In the case of Kenya, the British colonialists, in the name of fighting terrorism, unleashed terror on the populace for eight years from 1952, officially killing over 10,000 Kenyans and displacing 1.2 million. For good measure, the British built pen-like detention camps to which they herded the Kenyan populace. When Dedan Kimathi, the Kenyan pro-independence leader, was arrested, he was summarily tried at the Nyeri colonial court and sentenced to death. The colonialists then erected a temporary tower beside the court, hanged Kimathi and transported his corpse to the Kamiti Prison where he was buried in an unmarked grave so his body will never be discovered. That was terrorism at work.

In 1956, when Cyprus demanded independence, the British seized leading political figures, including Archbishop Makarios. When he refused to denounce the use of violence, they accused him of “actively fostering terrorism” and deported him to Seychelles where he spent three years in exile. Similarly, when Nelson Mandela and other incarcerated liberation fighters refused to renounce armed struggle against apartheid in South Africa, the United States and Britain denounced them as terrorists. After a phone call with Mandela in July 1990,  five months after his release from 27-year incarceration, then British Prime Minister, Margaret Thatcher still thought of Mandela as a terrorist with a “rather a closed mind”.

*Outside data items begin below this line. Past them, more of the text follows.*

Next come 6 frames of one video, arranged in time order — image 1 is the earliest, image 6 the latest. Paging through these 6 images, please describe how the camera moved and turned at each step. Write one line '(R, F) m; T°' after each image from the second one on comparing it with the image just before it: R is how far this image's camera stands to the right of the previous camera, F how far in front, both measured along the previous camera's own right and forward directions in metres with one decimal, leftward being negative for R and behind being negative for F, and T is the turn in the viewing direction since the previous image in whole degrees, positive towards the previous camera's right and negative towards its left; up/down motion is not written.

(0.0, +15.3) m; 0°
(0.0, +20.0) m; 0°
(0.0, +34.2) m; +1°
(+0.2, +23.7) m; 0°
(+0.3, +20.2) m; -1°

Referring to Mandela and the ANC, President  Ronald Reagan said in a 1986 statement: “The South African government is under no obligation to negotiate the future of the country with any organisation that proclaims a goal of creating a communist state, and uses terrorist tactics and violence to achieve it.”  Until 2008, Mandela remained on the American Terrorist Watch List!

On the other hand, a country that was born by terrorism is Israel. Those who migrated to establish the new state used terrorism as a primary weapon. In one of their most infamous terror campaigns, the Israelis in 1946, bombed the King David Hotel killing 93 persons with over 50 injured. The two leading terrorist groups in pre-Independence Israel were the Irgun whose last commander-in-chief was Menachem Begin, who became Prime Minister from 1977-86, and the Stern Gang, one of whose senior commanders, Yitzhak Shamir became a two-term Prime Minister. Benzion Netanyahu, the father of current Israeli Prime Minister, Benjamin Netanyahu, was the personal secretary of Ze’ev Jabotinsky, founder of the Irgun.

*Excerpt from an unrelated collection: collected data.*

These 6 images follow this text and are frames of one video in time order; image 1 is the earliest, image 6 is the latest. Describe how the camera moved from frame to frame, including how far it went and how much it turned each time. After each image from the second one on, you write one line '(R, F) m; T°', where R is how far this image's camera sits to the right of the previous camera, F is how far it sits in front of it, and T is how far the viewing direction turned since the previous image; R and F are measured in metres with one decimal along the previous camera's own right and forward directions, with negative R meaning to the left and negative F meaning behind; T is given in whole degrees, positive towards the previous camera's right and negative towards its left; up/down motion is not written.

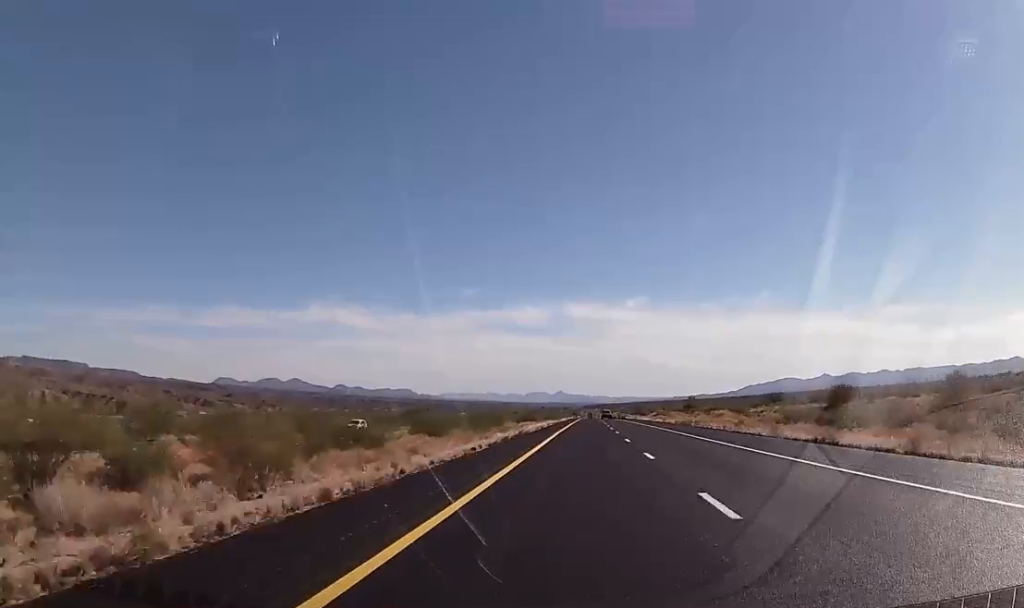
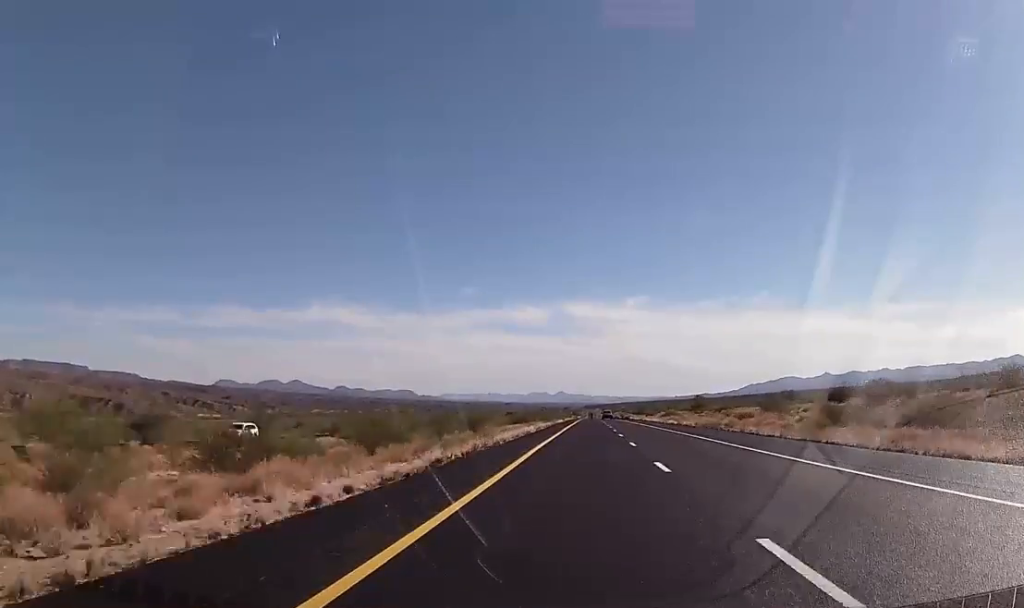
(0.0, +16.6) m; 0°
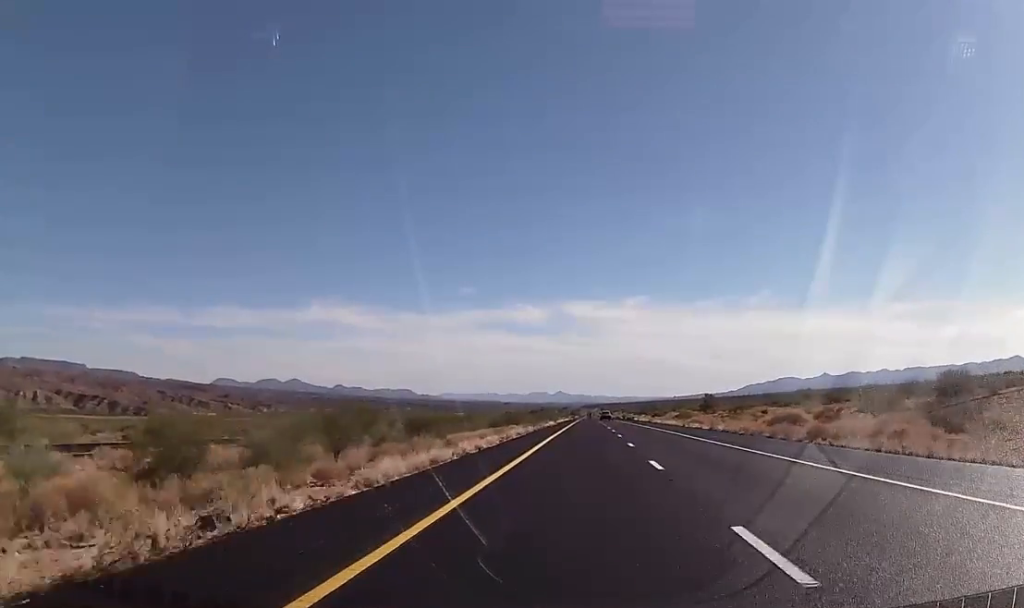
(0.0, +23.1) m; 0°
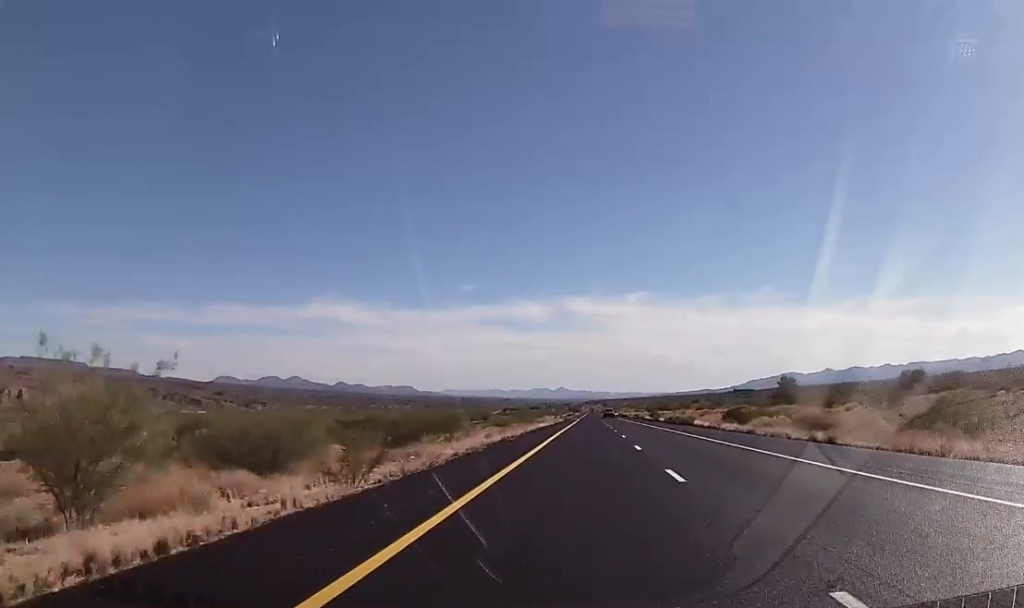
(+1.0, +87.7) m; +1°
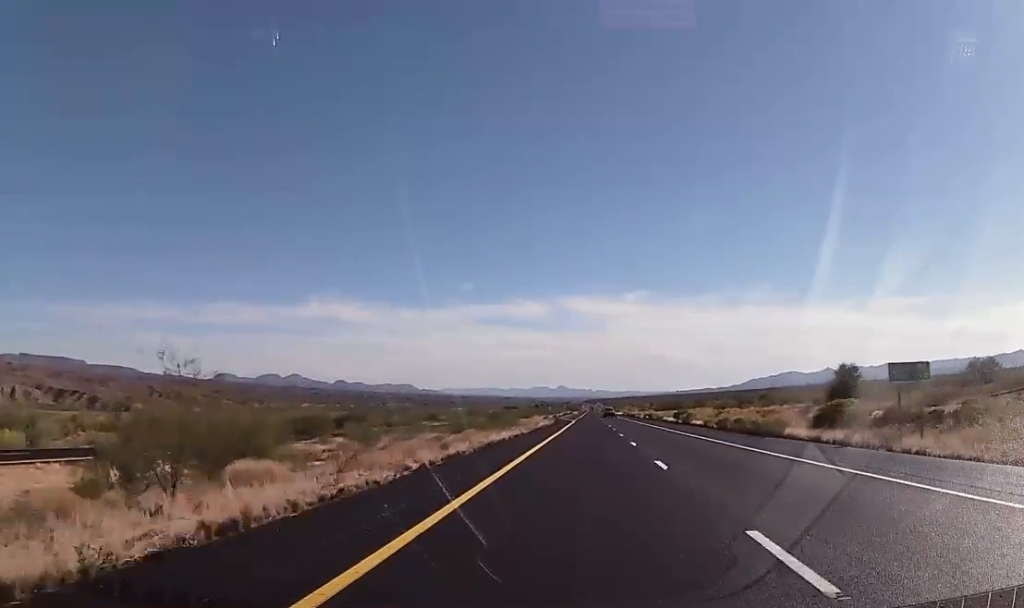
(-0.2, +33.4) m; 0°
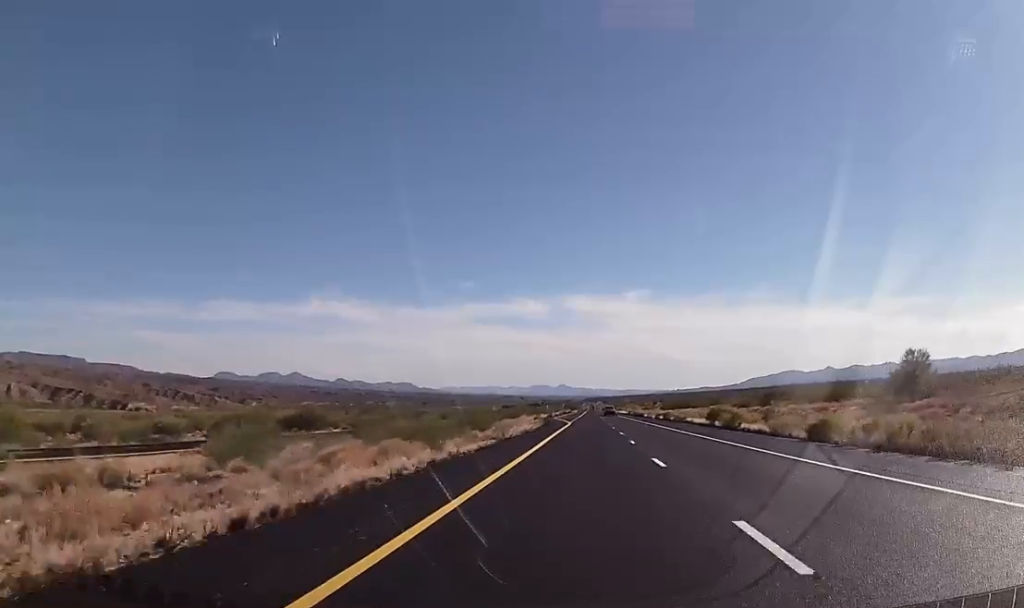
(0.0, +23.3) m; 0°

It is not only non-state actors like Timothy James McVeigh, the 1995 Oklahoma City bomber who killed 168 persons and injured 680, or Mohammed el-Amir Atta who led the 911 attacks which killed 2,996 and injured more than 6,000, that consciously execute terrorist acts, modern states also do. For example, Posada-Carriles Luis Clemente Posada Carriles, an American Central Intelligence Agency, CIA, agent on October 6, 1976, bombed a civilian Cuban airliner, Cubana de Aviación Flight 455 on a  flight from Barbados to Jamaica killing the 77 persons on board. He was jailed in Venezuela for his crime, but escaped to the United States which protected him until his death on May 23, 2018, some 42 years after the bombing.

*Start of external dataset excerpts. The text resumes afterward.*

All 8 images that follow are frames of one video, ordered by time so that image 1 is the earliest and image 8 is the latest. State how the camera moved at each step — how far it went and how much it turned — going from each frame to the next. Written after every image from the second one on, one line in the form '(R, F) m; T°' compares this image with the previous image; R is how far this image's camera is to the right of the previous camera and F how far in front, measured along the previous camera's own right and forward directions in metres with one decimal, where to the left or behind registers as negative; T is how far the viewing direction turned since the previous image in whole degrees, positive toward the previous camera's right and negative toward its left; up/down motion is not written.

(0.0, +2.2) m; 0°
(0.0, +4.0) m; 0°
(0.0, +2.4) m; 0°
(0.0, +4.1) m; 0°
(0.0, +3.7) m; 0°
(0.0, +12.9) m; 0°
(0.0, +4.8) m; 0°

In another case, the United States under President Ronald Reagan went from training and funding Nicaraguan terrorists called the Contras, to actually carrying out terrorist attacks by mining civilian ports in Nicaragua and blowing up civilian ships. The International Court of Justice, ICJ, on June 27, 1986, found the US guilty of these terrorist attacks. Terrorism is an ideology based on religion, politics and/or motives of greed; so long as humans exist, so shall terrorism.